The Difference Between Side Effects and Healing Reactions

One of the most common questions which new patients ask, is if the remedies will cause any side effects. Some already will have been pre-educated about healing reactions, and want to know what to expect in terms of what they could experience with the remedies.

It is a very good question, and an important one to clear up at the beginning of treatment. In the world of conventional medicine, it is a given that any prescribed drug will cause side effects — in fact, it is a very big problem in medicine, as long-term side effects eventually become a bigger health issue than the original disease itself. There are cases I’ve had where a patient is on a large list of drugs, where at least 80% of them are solely being used to try to reduce the side effects of the original drugs! This is a deadly form of a downward spiral into the abyss of pharmaceutical drugs.

The name “side effect” should actually be changed to something more honest, such as “disease effect”, as that is exactly what they are — the effects of a drug is actually to create a new, artificial disease in the body which does not cure the natural disease that the patient is suffering, but simply displaces it. The visible side effects are only the tip of the iceberg of the total disease effects which are being created. In the insane ‘logic’ of allopathic medicine, this is assumed to be the best that we can do in the face of disease, which is only to play a deadly “shell game”, shuffling different symptoms back and forth until it is difficult to say exactly which drug (artificial disease) killed the patient in the end. Even in more short-term use of drugs, there is always some damage to some organ or system in the body, which is important to be aware of, and to apply specific detox protocols to both during and after the fact.

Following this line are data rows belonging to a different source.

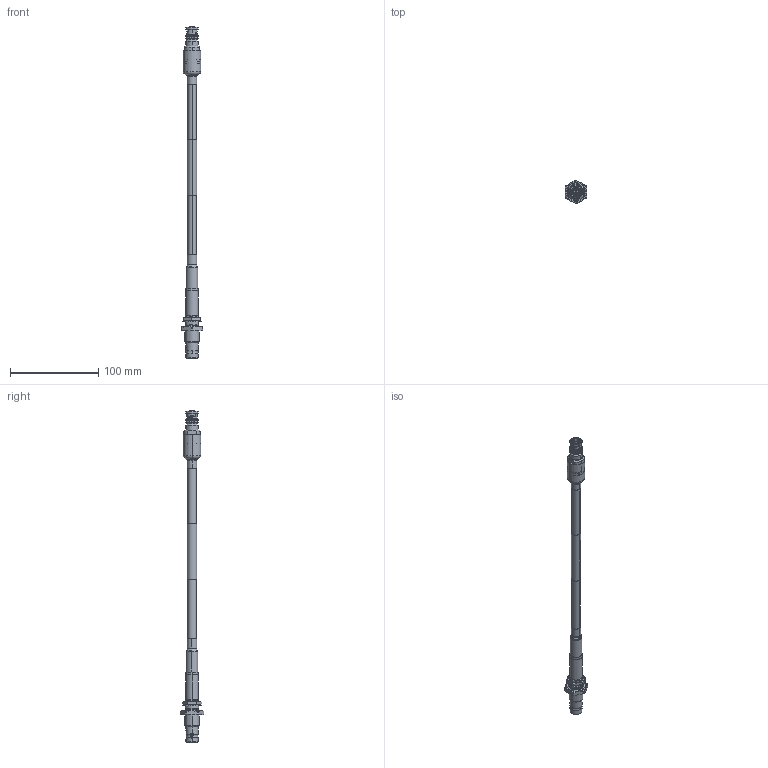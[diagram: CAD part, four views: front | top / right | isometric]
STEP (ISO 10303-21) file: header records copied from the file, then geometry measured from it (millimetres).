
FILE_DESCRIPTION (( 'STEP AP214' ), '1' );
FILE_NAME ('FMCA9770_3D.step', '2024-07-29T14:44:39', ( '' ), ( '' ), 'SwSTEP 2.0', 'SolidWorks 2022', '' );
FILE_SCHEMA (( 'AUTOMOTIVE_DESIGN' ));
Length unit declared in the file: inch
Products named in the file (10): Copy of Heat Shrink^FMCA9770; FMCN45843; FMCA9770_3D; RG213-PROD_RG213_GID 230180; 20KV-8105-0213; FMCN45899; Copy (2) of Heat Shrink^FMCA9770_1" Long; N8105-8; N8105-7_2; 20KV8500-4
Assembly tree (9 placements, depth 3):
  FMCA9770_3D
    RG213-PROD_RG213_GID 230180
    FMCN45843
      20KV-8105-0213
      N8105-7_2
      N8105-8
      20KV8500-4
    FMCN45899
    Copy of Heat Shrink^FMCA9770
    Copy (2) of Heat Shrink^FMCA9770_1" Long
Bounding box: 23.85 x 26.59 x 375.55 mm (x, y, z)
Volume: 40671.7 mm3; surface area: 29913.4 mm2
Topology: 8 solids, 8 shells, 685 faces, 1560 edges, 917 vertices
Faces by surface type: plane 229, cylinder 218, cone 180, bspline 33, torus 25
Entity records: 22215 total; most frequent: CARTESIAN_POINT 6642, DIRECTION 3215, ORIENTED_EDGE 3120, EDGE_CURVE 1560, AXIS2_PLACEMENT_3D 1340, VERTEX_POINT 917, EDGE_LOOP 725, FACE_OUTER_BOUND 685
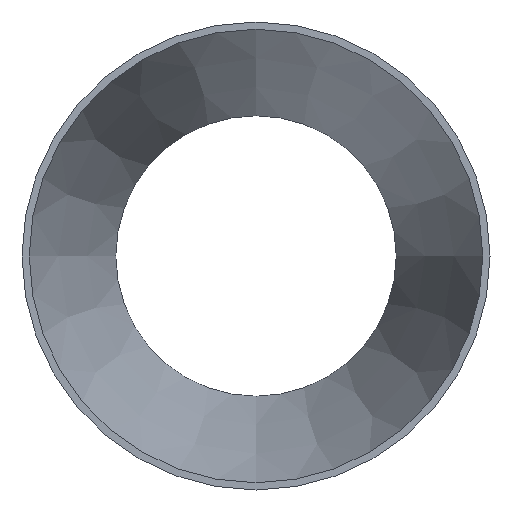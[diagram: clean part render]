
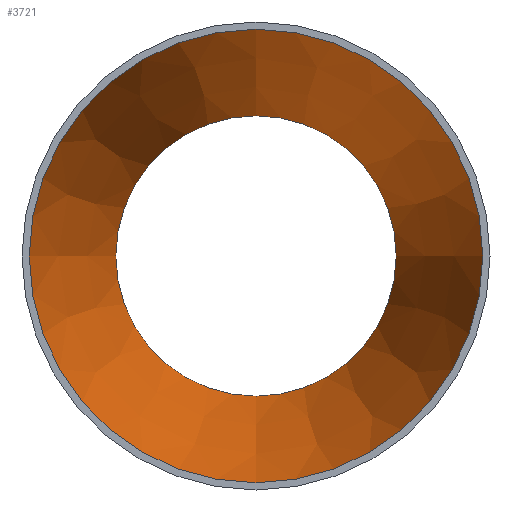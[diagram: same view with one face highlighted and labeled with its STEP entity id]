
A CAD part, front view. The second image highlights one B-rep face of the part: STEP entity #3721.
In plain terms, the highlighted conical face has half-angle 15.496 degrees and reference radius 129.349 mm.
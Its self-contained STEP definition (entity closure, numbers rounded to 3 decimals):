
#1566 = FACE_BOUND ( 'NONE', #21258, .T. ) ;
#2111 = FACE_OUTER_BOUND ( 'NONE', #26505, .T. ) ;
#2734 = CARTESIAN_POINT ( 'NONE',  ( 0., 0., -129.349 ) ) ;
#3093 = VERTEX_POINT ( 'NONE', #5710 ) ;
#3721 = ADVANCED_FACE ( 'NONE', ( #1566, #2111 ), #20617, .F. ) ;
#4594 = AXIS2_PLACEMENT_3D ( 'NONE', #21832, #21286, #18514 ) ;
#4740 = DIRECTION ( 'NONE',  ( 0., -1., 0. ) ) ;
#5710 = CARTESIAN_POINT ( 'NONE',  ( 0., 178., -79.999 ) ) ;
#6719 = CIRCLE ( 'NONE', #23919, 79.999 ) ;
#7542 = CARTESIAN_POINT ( 'NONE',  ( 0., 0., 0. ) ) ;
#8714 = VERTEX_POINT ( 'NONE', #2734 ) ;
#13317 = DIRECTION ( 'NONE',  ( 0., 0., -1. ) ) ;
#16029 = EDGE_CURVE ( 'NONE', #3093, #3093, #6719, .T. ) ;
#18514 = DIRECTION ( 'NONE',  ( 0., 0., -1. ) ) ;
#20399 = ORIENTED_EDGE ( 'NONE', *, *, #33942, .T. ) ;
#20617 = CONICAL_SURFACE ( 'NONE', #4594, 129.349, 0.27 ) ;
#21258 = EDGE_LOOP ( 'NONE', ( #24684 ) ) ;
#21286 = DIRECTION ( 'NONE',  ( 0., -1., 0. ) ) ;
#21832 = CARTESIAN_POINT ( 'NONE',  ( 0., 0., 0. ) ) ;
#23919 = AXIS2_PLACEMENT_3D ( 'NONE', #34629, #26439, #29054 ) ;
#24684 = ORIENTED_EDGE ( 'NONE', *, *, #16029, .F. ) ;
#26439 = DIRECTION ( 'NONE',  ( 0., -1., 0. ) ) ;
#26505 = EDGE_LOOP ( 'NONE', ( #20399 ) ) ;
#29054 = DIRECTION ( 'NONE',  ( 0., 0., -1. ) ) ;
#33188 = AXIS2_PLACEMENT_3D ( 'NONE', #7542, #4740, #13317 ) ;
#33792 = CIRCLE ( 'NONE', #33188, 129.349 ) ;
#33942 = EDGE_CURVE ( 'NONE', #8714, #8714, #33792, .T. ) ;
#34629 = CARTESIAN_POINT ( 'NONE',  ( 0., 178., 0. ) ) ;

A healing reaction, in contrast, which new patients initially equate to be the same as side effects, is actually a very positive and temporary process of the body and mind to discharge a disease, or at least push it from a more to a less important organ or system of the body. The temporary emotional discharges, such as irritability or sadness, or physical discharges on the skin, or through the other organs of elimination, are actually not caused by the remedy, but are being pushed out of the body by its own innate healing power, after the remedy has done its job of curing the disease.

In the case of taking a dry remedy, the patient will typically hit the peak of the healing reaction approximately 7 to 12 days afterwards; in fact, some learn to mark those days on their calendar, so that they are not surprised when the healing reaction surfaces. All true healing reactions are very positive in terms of gaining a greater overall state of health, and are always temporary. If a so-called ‘healing reaction’ lasts for an extended period of time, then it is usually something else which needs to be assessed to be cleared up with a different remedy.

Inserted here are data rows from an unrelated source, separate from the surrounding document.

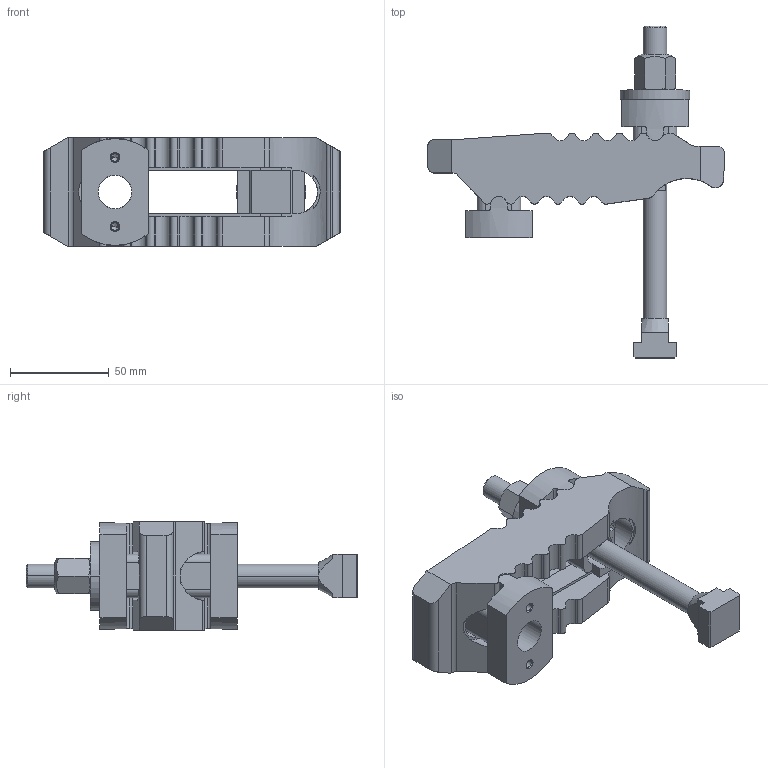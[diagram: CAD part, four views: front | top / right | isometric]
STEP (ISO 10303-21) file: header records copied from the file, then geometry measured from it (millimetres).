
FILE_DESCRIPTION(('STEP AP214'),'1');
FILE_NAME('HALDERN_EH_23185_0115.stp','2014-09-15T07:38:02',('TraceParts'),('TraceParts S.A.'),'XStep 1.0',' ',' ');
FILE_SCHEMA(('automotive_design'));
Length unit declared in the file: millimetre
Products named in the file (6): 1; 2; 3; 4; 5; 6
Bounding box: 150 x 168 x 55 mm (x, y, z)
Volume: 227790.6 mm3; surface area: 62627.8 mm2
Topology: 6 solids, 6 shells, 309 faces, 834 edges, 536 vertices
Faces by surface type: plane 149, cylinder 119, cone 40, sphere 1
Entity records: 19483 total; most frequent: CARTESIAN_POINT 2193, DIRECTION 1706, STYLED_ITEM 1672, PRESENTATION_STYLE_ASSIGNMENT 1672, COLOUR_RGB 1672, ORIENTED_EDGE 1652, EDGE_CURVE 826, CURVE_STYLE 826

Feel free to share some of your more interesting healing reaction stories in the comments below.

3 thoughts on “The Difference Between Side Effects and Healing Reactions

  1. Tess

    I have read the 7-10 day time frame for healing reactions before, but find it quite puzzling as I have never experienced them in this way. Generally I start to feel some kind of ‘reaction’ (change in mood, energy level, state of mind) the day of taking a remedy, which continues and tends to peak maybe 3/4 days post remedy and has mostly subsided within about a week (with lower potencies taking a shorter time than very high ones.) The remedies I am doing since 2 nearly years have been tonically prescribed, treating deep rooted chronic disease (I don’t know if this makes a difference.) I would appreciate your insight. . .

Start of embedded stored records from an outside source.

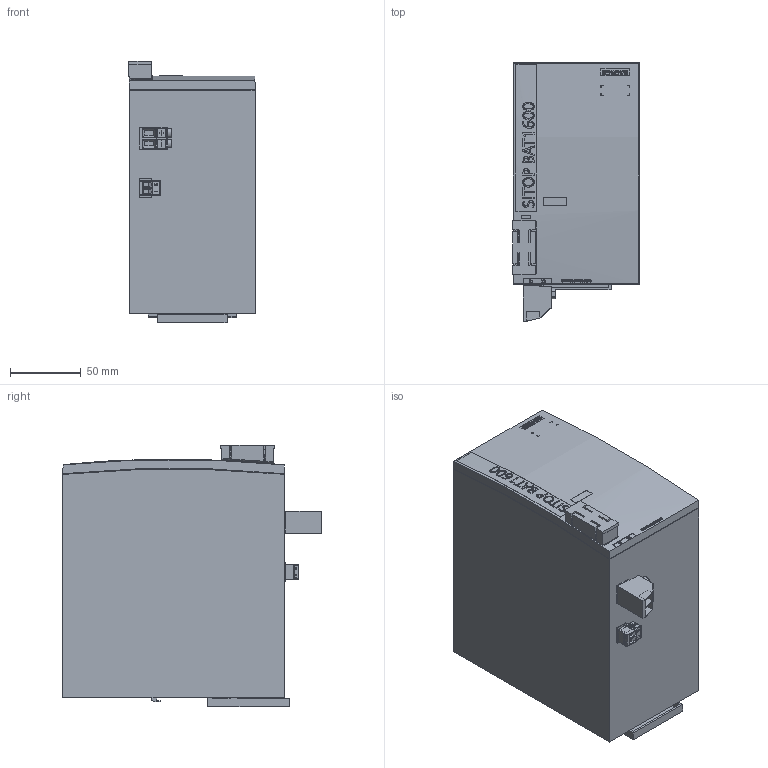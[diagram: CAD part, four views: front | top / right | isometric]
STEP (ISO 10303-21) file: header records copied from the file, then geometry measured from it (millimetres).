
FILE_DESCRIPTION(/* description */ (''),/* implementation_level */ '2;1');
FILE_NAME(/* name */ '6EP4133-0GD00-0AY0_3d.stp',/* time_stamp */ '2022-12-16T12:48:55+02:00',/* author */ (''),/* organization */ (''),/* preprocessor_version */ 'ST-DEVELOPER v18.1',/* originating_system */ 'SIEMENS PLM Software NX 1973',/* authorisation */ '');
FILE_SCHEMA (('AUTOMOTIVE_DESIGN { 1 0 10303 214 3 1 1 1 }'));
Bounding box: 89.2 x 182.23 x 184.2 mm (x, y, z)
Volume: 2303178.5 mm3; surface area: 343162.8 mm2
Topology: 56 solids, 56 shells, 1900 faces, 5107 edges, 3387 vertices
Faces by surface type: plane 1489, cylinder 202, extrusion 196, sphere 7, cone 4, bspline 2
Full cylindrical faces by diameter (mm): 0.2 x1, 0.38 x1, 1.53 x2, 3 x8, 3.821 x2, 4 x2, 5.2 x2
Entity records: 71695 total; most frequent: CRTPNT 18371, ORNEDG 10128, DRCTN 8868, EDGCRV 5064, VECTOR 4134, LINE 3938, VRTPNT 3372, A2PL3D 2367

  2. jkorentayer Post author

    Hi Tess — I should have contextualized that figure some more — Think of the timing of the healing reaction as existing on a bell curve, and that everyone tends to have their own typical timing for their healing reactions, whether right in the middle of the bell curve, or earlier or later than the 7 – 10 day time frame.

    A number of factors govern this, including the patient’s constitution, as well as the depth of their diseases and armoring.

  3. Tess

    Ok thanks for clarifying. I guess being a phosphorous, which i understand to be one of the more ‘sensitive/reactive’ constitutions, might be part of why I am falling at the earlier end of the scale.